The grass isn't always greener on the other side, as digital marketing firm Digitalbox - which boasts Visa, O2, Mini and P&O among its clients - discovered when it dropped an Experian QAS email address validation solution to that of a rival provider to cut costs.
Instead, switching solutions led to an increase in inaccurate data about email addresses and other contact details – a hugely negative impact for an organisation that relies on good data management to conduct its business effectively.
"As soon as we have inaccurate data in our systems, it can sit there for a number of months," Digitalbox CEO Alex Attinger told Computing.
Explaining how poor information management is bad for business, he said: "If you're then re-communicating it to consumers, not only is it bad for the consumer who might have mistyped their email address, that consumer isn't going to receive any more information."

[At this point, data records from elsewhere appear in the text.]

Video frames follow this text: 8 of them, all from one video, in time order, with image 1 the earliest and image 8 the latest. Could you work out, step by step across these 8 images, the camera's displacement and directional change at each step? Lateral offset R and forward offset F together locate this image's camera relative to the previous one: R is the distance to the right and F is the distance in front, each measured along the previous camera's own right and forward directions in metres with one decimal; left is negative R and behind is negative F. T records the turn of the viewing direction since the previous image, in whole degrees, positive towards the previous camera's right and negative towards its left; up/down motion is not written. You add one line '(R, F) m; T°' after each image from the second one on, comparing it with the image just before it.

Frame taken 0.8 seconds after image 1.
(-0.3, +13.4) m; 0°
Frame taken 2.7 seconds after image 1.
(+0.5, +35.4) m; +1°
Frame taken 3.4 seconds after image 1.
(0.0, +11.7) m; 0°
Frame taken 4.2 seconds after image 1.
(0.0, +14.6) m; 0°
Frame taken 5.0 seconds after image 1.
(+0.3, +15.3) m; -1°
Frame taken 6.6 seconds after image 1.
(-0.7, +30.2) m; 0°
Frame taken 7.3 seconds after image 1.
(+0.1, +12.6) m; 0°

Poor quality data doesn't only prevent emails being delivered to those who've provided inaccurate information, but if enough emails bounce, then a firm that relies on digital marketing can find that ISPs mark them down, making it more difficult to send information.
"If the information is incorrect and we're consistently wrongly emailing that consumer, then that gives a bad score with email providers and affects our ability to deliver our good email addresses," Attinger said, adding the cost of poor data management can have a considerable impact.

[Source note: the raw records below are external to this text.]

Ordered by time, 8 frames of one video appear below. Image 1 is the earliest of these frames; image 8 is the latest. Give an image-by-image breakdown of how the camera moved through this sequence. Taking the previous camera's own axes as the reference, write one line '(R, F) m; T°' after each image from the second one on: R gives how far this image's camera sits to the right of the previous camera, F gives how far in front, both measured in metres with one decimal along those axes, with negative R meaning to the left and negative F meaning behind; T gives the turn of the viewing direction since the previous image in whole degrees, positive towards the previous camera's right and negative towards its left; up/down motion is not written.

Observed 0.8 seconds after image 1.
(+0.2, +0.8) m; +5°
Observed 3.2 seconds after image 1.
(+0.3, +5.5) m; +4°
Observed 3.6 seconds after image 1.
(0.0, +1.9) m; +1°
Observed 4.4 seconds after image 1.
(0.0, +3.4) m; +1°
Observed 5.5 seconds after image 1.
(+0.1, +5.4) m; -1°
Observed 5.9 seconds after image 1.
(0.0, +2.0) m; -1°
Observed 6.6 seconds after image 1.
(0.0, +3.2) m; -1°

"It's amazing how it can affect you, especially if you have a high percentage of bad addresses in your system it can really destroy delivery to ISP and cost our business significant amounts of money."
Digitalbox had experienced this type of issue in the past, before adopting Experian QAS, Attinger told Computing.
"We've been through a process like that before we were with Experian when we were validating our data with another company and we found a huge percentage of errors, but it took us months to realise what was going on.
"It was then we realised our validations at the point of capture wasn't working, causing a massive knock-on effect throughout our business," he said.